In his 25 years in Australia, Professor Göran Roos has seen public service organisations become more reluctant to innovate and more fearful of innovation. Speaking at the session Public Sector: Innovative Models of Governance he said that budgetary constraint, political restraint and fear of exposure in the media have all played a role in creating this reluctance. In many cases, innovation has become a standard response to a crisis. In others, it is driven by one person and, when that person moves on, things inevitably return to the way they were.

“I see a lot of talk but very little action,” he said. “[The television comedy] Yes Minister is still alive and well in Australia.”

Principal barriers

He listed a number of barriers to innovation in the public service including inadequate strategy, a short-term focus, lack of relevant metrics, and organisational and cultural elements such as risk aversion and limited incentive for change. He also pointed to a generally restrictive approach to collaboration with industry and within the organisations themselves.

Dr Marlene Kanga FAICD, a director of Sydney Water Corporation, said that when she started her own high-tech small business in 2001 she frequently collaborated with Australian universities. Now her interns come from Europe.

“We would love to work with Australian PhD students and researchers,” she said. “The main reason we can’t is that universities have legal departments that are so risk averse they insist on owning the 0.0001 per cent of intellectual property [IP] that the student might create. That mucks us up because all of the value in our company is IP. They also want indemnity against anything that might happen, which is impossible for us to provide. We don’t have the resources and there is no insurance cover.”

Kanga added that IP has been identified in the UK as well as Australia as the main barrier to collaboration between universities and businesses. She compared this with the United States, where they have what is known as open innovation. She gave the example that, when two PhD students developed an idea for Google, Stanford University took the view that the people who owned the IP were the ones most likely to make it work. If they did, the university would benefit in other ways.

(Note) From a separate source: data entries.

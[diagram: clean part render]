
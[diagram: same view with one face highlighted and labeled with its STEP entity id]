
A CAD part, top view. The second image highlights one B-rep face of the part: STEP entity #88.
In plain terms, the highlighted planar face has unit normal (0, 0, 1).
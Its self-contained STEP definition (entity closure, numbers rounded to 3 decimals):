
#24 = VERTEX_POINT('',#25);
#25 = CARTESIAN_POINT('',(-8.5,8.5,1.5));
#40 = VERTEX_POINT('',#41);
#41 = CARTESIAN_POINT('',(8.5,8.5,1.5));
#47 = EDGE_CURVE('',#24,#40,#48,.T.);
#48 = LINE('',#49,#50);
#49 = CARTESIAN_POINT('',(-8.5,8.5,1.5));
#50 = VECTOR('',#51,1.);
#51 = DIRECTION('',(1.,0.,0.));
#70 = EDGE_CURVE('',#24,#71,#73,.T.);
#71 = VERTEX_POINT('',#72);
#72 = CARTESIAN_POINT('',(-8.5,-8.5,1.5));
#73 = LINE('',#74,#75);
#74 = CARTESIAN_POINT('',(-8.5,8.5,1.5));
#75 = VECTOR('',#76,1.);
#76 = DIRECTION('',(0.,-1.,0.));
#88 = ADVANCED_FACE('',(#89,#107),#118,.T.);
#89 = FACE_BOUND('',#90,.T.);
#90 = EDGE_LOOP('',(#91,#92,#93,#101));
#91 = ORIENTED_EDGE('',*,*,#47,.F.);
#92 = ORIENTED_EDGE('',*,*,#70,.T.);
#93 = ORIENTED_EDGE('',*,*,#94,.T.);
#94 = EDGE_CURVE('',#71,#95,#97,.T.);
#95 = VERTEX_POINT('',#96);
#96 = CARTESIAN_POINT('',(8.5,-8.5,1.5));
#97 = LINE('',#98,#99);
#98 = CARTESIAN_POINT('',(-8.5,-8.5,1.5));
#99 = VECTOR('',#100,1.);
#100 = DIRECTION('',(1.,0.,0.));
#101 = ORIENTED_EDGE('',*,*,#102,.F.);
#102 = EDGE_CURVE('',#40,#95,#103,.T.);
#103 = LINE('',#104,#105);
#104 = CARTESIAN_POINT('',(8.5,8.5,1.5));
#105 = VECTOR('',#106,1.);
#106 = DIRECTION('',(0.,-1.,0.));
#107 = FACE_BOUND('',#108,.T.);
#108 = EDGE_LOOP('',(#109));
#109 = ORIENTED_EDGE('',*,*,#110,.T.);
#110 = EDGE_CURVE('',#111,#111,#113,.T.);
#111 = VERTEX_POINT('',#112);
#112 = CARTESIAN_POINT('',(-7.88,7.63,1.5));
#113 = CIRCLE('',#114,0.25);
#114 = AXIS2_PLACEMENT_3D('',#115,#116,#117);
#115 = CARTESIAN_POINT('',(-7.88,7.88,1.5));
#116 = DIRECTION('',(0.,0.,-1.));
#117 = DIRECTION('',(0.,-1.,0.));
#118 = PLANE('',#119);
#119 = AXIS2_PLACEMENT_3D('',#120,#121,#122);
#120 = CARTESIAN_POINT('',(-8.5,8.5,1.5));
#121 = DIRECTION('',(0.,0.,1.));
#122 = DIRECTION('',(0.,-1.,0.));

Steps in the right direction

But the news is not all bad.

Erma Ranieri, Commissioner for Public Sector Employment, Office of the Public Sector, described the reform program in South Australia.

“We’re changing the way the public sector does its business – by stealth in some areas,” she said.

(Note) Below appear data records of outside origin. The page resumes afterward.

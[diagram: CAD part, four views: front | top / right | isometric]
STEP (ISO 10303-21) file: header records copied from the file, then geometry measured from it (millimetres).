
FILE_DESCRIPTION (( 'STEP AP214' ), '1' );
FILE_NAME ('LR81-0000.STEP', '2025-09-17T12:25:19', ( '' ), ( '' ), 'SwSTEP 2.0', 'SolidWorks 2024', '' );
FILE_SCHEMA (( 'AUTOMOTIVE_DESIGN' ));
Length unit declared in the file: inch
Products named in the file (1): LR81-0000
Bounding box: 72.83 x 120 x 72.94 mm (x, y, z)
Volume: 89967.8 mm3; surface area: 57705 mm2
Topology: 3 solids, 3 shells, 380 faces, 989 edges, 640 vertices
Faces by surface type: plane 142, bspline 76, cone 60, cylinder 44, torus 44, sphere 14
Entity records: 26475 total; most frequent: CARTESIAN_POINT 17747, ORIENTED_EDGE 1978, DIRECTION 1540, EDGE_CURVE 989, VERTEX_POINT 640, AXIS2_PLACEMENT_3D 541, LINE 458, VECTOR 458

The challenges range from red tape and regulation to issues such as domestic violence, where they have been considering how multi-agency approaches might save lives.

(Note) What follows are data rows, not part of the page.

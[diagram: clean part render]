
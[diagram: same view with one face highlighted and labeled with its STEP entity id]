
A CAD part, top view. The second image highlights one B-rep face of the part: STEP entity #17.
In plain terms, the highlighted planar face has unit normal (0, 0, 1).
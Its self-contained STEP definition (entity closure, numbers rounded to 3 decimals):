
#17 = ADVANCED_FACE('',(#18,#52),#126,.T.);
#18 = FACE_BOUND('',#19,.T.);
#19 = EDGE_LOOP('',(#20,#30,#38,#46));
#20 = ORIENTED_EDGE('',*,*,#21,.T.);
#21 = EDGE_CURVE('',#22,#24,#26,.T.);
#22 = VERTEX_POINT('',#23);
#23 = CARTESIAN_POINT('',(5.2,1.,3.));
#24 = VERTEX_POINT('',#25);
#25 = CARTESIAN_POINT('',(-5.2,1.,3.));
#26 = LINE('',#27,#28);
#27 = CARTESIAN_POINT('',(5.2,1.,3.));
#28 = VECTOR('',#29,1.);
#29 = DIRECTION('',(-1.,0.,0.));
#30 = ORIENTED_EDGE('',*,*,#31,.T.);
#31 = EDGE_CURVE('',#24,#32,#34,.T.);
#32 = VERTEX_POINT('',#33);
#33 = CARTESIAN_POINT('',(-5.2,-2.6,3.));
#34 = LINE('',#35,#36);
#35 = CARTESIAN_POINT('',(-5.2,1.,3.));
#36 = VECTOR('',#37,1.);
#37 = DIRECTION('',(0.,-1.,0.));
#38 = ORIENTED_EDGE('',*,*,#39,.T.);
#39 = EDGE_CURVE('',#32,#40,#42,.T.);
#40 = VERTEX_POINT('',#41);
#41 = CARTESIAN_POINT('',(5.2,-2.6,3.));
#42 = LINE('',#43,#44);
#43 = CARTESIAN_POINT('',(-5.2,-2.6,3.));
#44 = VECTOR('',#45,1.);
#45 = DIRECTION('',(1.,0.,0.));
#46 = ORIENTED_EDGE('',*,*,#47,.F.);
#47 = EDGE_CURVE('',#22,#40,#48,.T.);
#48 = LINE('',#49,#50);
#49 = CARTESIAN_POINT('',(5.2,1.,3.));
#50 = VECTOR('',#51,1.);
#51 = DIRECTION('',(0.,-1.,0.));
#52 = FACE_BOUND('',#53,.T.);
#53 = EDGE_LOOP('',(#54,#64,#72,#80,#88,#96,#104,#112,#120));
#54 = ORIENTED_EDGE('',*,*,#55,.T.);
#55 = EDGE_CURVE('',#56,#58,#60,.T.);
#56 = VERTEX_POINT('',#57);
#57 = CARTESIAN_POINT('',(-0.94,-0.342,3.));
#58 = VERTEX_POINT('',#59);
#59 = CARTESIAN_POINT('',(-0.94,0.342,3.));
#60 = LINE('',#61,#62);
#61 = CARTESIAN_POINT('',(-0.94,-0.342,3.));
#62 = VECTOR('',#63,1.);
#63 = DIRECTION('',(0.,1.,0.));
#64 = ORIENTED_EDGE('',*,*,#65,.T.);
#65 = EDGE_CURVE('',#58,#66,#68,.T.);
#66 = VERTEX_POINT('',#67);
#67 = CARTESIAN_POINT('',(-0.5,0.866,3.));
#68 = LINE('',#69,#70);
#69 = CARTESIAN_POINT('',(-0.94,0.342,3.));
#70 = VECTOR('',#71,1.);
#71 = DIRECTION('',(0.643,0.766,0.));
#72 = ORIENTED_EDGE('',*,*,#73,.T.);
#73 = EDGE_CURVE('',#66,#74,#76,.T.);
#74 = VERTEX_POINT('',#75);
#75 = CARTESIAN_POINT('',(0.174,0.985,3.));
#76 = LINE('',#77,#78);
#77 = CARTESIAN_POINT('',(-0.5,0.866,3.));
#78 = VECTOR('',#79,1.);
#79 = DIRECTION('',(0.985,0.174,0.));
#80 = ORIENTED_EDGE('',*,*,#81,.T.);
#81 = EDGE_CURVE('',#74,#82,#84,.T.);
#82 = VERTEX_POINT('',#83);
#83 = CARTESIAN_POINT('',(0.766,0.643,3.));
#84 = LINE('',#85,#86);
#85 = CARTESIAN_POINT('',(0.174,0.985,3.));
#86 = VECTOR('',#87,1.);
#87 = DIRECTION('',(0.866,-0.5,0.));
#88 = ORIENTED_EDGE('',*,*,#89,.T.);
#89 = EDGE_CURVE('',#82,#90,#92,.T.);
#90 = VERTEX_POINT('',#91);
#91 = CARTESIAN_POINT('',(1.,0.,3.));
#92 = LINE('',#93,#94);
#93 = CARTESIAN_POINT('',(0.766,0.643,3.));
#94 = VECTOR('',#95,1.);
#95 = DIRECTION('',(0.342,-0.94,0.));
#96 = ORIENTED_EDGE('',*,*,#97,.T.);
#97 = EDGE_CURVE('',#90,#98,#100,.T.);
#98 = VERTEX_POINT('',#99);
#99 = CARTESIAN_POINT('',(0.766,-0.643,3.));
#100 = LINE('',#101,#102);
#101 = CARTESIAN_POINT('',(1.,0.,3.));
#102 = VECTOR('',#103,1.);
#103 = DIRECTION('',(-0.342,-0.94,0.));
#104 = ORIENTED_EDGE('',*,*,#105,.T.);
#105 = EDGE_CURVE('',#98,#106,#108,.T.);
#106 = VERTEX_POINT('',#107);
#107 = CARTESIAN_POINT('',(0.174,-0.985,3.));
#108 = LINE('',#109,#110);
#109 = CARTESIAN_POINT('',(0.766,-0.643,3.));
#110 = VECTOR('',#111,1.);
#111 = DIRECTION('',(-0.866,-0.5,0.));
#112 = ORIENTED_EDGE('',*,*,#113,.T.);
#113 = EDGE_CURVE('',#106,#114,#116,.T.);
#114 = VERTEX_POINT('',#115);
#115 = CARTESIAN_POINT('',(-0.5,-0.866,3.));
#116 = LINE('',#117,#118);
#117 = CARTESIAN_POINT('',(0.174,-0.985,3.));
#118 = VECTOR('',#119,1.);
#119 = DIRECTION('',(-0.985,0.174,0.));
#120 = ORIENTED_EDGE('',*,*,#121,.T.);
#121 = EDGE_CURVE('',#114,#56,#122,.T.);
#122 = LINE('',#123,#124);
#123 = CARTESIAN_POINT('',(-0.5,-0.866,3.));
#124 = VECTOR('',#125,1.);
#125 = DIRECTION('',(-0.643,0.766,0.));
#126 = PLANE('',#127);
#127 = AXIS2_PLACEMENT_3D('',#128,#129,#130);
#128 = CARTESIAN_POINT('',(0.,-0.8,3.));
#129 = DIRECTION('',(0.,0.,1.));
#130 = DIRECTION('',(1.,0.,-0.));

We would love to work with Australian PhD students and researchers.

“Government doesn’t have all the answers,” she said. “In some cases government needs to make way for the private sector, not-for-profit organisations and anyone else who has a contribution to make.”

Ranieri has also pioneered the 90-day project concept which aims to achieve concrete changes to services, engagement, productivity or organisational performance within a three-month period.

“A lot of our issues need more time than this but we’re dealing with them in sizeable chunks and getting an outcome,” she said. “Over the last three years we have completed 70 complex projects and saved billions of dollars in the process.”

Andrew Balmaks MAICD, chairman of the Noetic Group, pointed to positive changes such as the Public Governance, Performance and Accountability Act 2013 which has shifted the emphasis from financial accountability to overall performance. Jane Halton, secretary of the Australian Department of Finance, is also driving governance reform.

“There’s recognition that transformation is required around governance reform, so it’s not all doom and gloom,” she said.

Roos concluded by noting that very few countries have as much potential as Australia. He sees a need for civic leadership.

“In my opinion, the way the government in Australia could have most effect is not to hand out money, not to do regulation, but to set clarity, direction and expectation for the rest of society. I think that presents a huge opportunity.”